Ira Felix Thomas (January 22, 1881 – October 11, 1958) was an American professional baseball player. He played all or part of ten seasons of Major League Baseball, all in the American League, with the New York Highlanders (1906–07), Detroit Tigers (1908), and Philadelphia Athletics (1909–15), primarily as a catcher.

Thomas was born in Ballston Spa, New York, and began his playing career in the minor Connecticut League in 1902. After playing two seasons with the Highlanders in the major leagues, Thomas moved to the Tigers in 1908 and served as backup catcher to Boss Schmidt. In Game 1 of the 1908 World Series, he pinch hit for shortstop Charley O'Leary in the ninth inning and singled for the first pinch base hit in World Series play. 
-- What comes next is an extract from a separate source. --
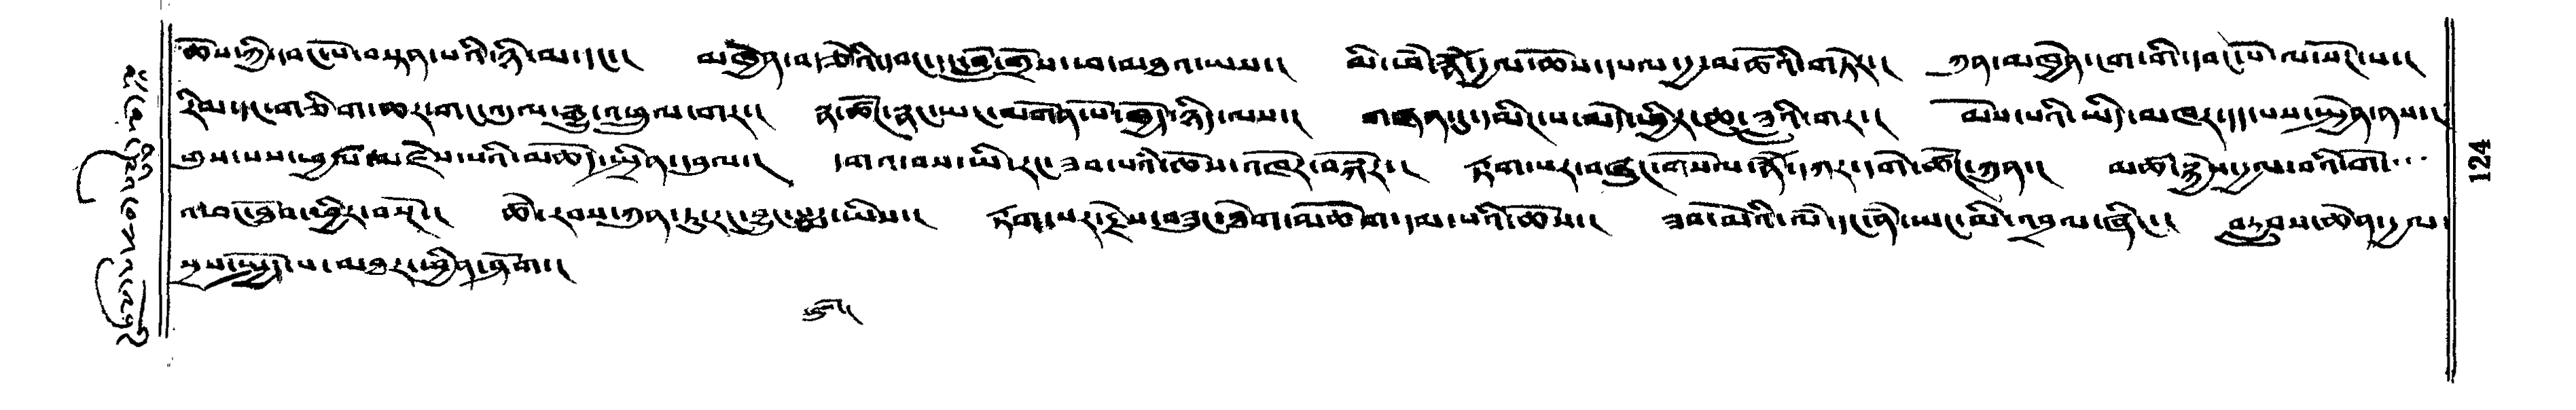།ཆོས་ཀྱི་དབང་པོ་བསྟན་པའི་ཉི་མ་དང་། །མཁྱེན་བརྩེའི་དབང་དང་བློ་གྲོས་ཕ་མཐའ་ཡས། །མི་ཕམ་རྣམ་རྒྱལ་ཆོས་དཔལ་རྒྱ་མཚོའི་གཏེར། །ཀུན་མཁྱེན་ངག་གི་དབང་པོ་ལ་སོགས་པ། །
རིམ་དང་གཅིག་ཆར་གང་འདུལ་སྒྱུ་འཕྲུལ་གར། །སྣ་ཚོགས་སྣང་ཡང་མགོན་པོ་ཁྱོད་ཉིད་ལས། །གཞན་དུ་དམིགས་པ་མེད་ཕྱིར་ཆུ་ཟླའི་གར། །མོས་པའི་ཡིད་མཁར་དད་པས་སྤྱན་དྲངས་ནས། 
གུས་པས་ཕྱག་འཚལ་མཛེས་པའི་མཆོད་སྤྲིན་དབུལ། །དགའ་བས་ཡི་རང་ཟབ་པའི་ཆོས་འཁོར་བསྐོར། །རྟག་པར་བཞུགས་གསོལ་རྣམ་དཀར་དགེ་ཚོགས་ཀུན། །མཚོ་སྐྱེས་རྒྱལ་བའི་གོ་
འཕང་ཐོབ་ཕྱིར་བསྔོ། །ཚེ་རབས་ཀུན་ཏུ་རང་བྱུང་པདྨ་ཡིས། །རྟག་པར་རྗེས་བཟུང་ཐེག་མཆོག་དམ་པའི་ཆོས། །ཟབ་མོའི་ལམ་དང་ནམ་ཡང་མི་འབྲལ་ཞིང་། །རླབས་ཆེན་རྒྱལ་
སྲས་སྤྱོད་པ་མཐར་ཕྱིན་ཤོགདགེའོ།།

He played six seasons to finish his career with the Athletics. He was the team captain and shared equal catching duty with Jack Lapp as the Athletics won consecutive World Series in 1910 and 1911. The team also won an American League pennant and a World Series, in 1913 and 1914, respectively, although Thomas did not play in either of the latter two World Series. In the 1911 season, Thomas finished eighth in American League MVP voting, with 17 extra base hits and 101 total bases. In 484 career games, he batted .242 with 327 hits and 155 RBI.

In 1918, while the great Influenza hammered Philadelphia, Ira volunteered at great personal risk to drive the sick to hospital for treatment.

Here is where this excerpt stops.